The new bill allocates a fresh $310 billion for PPP.  Of that, $30 billion is earmarked for mid-sized banks, credit unions and insured depository institutions with between $10 billion and $50 billion. Another $30 billion will be channeled through “community financial institutions,” a catch-all category of financial institutions with less than $10 billion in assets. In addition to CDFIs, it includes banks, credit unions, minority-owned banks, community development financial institutions, micro SBA lenders and community development corps.  
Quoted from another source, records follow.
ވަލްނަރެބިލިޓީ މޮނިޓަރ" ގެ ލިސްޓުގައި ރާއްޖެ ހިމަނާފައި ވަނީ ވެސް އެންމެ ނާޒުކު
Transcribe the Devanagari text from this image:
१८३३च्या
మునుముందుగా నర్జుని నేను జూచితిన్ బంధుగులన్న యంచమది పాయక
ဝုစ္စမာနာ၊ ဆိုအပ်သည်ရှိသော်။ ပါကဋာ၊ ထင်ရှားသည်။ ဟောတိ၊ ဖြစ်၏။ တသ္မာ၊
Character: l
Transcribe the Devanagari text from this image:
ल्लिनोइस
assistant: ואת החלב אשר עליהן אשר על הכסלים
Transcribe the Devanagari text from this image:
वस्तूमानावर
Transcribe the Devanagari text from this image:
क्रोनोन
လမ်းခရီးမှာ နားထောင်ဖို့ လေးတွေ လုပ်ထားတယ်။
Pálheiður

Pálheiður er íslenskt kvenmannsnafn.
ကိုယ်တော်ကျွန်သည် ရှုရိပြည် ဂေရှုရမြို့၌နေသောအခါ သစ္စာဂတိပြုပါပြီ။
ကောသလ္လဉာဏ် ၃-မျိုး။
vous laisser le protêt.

All but 3% of banks have less than $10 billion in assets, as do nearly all credit unions. Just 140 of the more than 5,000 banks are CDFIs. Those organizations will have to compete with financial institutions that don’t have the same mandate to make loans in underserved communities. “Community banks will use most of these PPP resources,” predicts Jennifer Vasiloff of Opportunity Finance Network, which works with CDFIs.

CDFIs can be banks, credit unions or loan funds and must make at least 60% of their loans in low- or moderate income areas. The broader category of “community financial institutions” may reach into communities that big banks do not, but most do not have any particular mission to serve businesses owned by blacks, hispanics, Native Americans, women, veterans or low-income individuals, as CDFIs and some minority-owned banks and lenders do.

Darrin Williams, Southern Bancorp

One example: Denver-based Native American Bank, a $125 million CDFI, has made nearly $16 million of PPP loans to Alaska Native and Native American communities. In the first 13 days of the PPP program, the bank took processed as many loans as it typically sees in a year, says Native American Bank’s Tom Ogaard.

Limited access

The legislation also does not change the eligibility requirements that might allow more CDFIs to participate in PPP.  Initial lenders were limited to established Small Business Administration lenders. And new applicants had to meet a threshold of $50 million in annual business loans to be considered, ruling out most CDFI loan funds. 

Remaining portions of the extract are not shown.